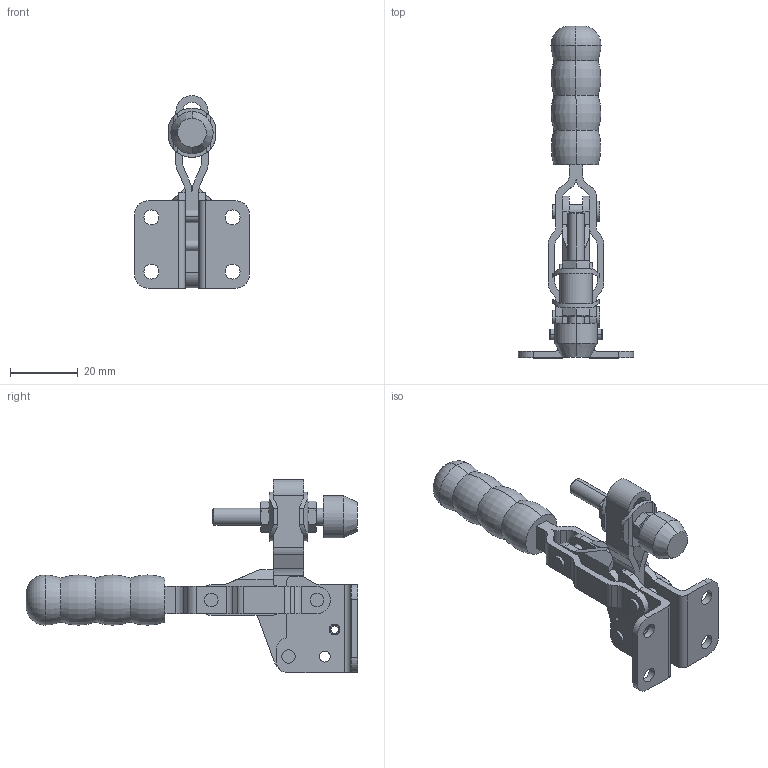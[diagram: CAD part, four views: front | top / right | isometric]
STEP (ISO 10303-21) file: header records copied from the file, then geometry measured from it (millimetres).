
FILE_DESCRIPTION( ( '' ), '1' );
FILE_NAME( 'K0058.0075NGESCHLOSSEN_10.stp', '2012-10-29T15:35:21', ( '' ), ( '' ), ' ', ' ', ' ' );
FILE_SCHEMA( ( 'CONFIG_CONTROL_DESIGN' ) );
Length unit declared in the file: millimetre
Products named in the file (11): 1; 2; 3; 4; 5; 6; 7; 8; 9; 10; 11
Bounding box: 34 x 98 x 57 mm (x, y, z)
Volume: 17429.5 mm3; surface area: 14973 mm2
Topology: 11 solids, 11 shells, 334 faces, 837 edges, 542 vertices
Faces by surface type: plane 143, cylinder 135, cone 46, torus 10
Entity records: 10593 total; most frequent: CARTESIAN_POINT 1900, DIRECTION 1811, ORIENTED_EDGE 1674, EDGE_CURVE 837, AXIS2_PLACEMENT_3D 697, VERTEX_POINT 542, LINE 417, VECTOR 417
◇ ◇ ◇ ◇ ◇
◆ **Directions for this task**
Write out the data in full and exactly as given, though without the images.

◆ **Result**
[diagram: CAD part, four views: front | top / right | isometric]
STEP (ISO 10303-21) file: header records copied from the file, then geometry measured from it (millimetres).
FILE_DESCRIPTION( ( '' ), '1' );
FILE_NAME( 'K0058.0075NGESCHLOSSEN_10.stp', '2012-10-29T15:35:21', ( '' ), ( '' ), ' ', ' ', ' ' );
FILE_SCHEMA( ( 'CONFIG_CONTROL_DESIGN' ) );
Length unit declared in the file: millimetre
Products named in the file (11): 1; 2; 3; 4; 5; 6; 7; 8; 9; 10; 11
Bounding box: 34 x 98 x 57 mm (x, y, z)
Volume: 17429.5 mm3; surface area: 14973 mm2
Topology: 11 solids, 11 shells, 334 faces, 837 edges, 542 vertices
Faces by surface type: plane 143, cylinder 135, cone 46, torus 10
Entity records: 10593 total; most frequent: CARTESIAN_POINT 1900, DIRECTION 1811, ORIENTED_EDGE 1674, EDGE_CURVE 837, AXIS2_PLACEMENT_3D 697, VERTEX_POINT 542, LINE 417, VECTOR 417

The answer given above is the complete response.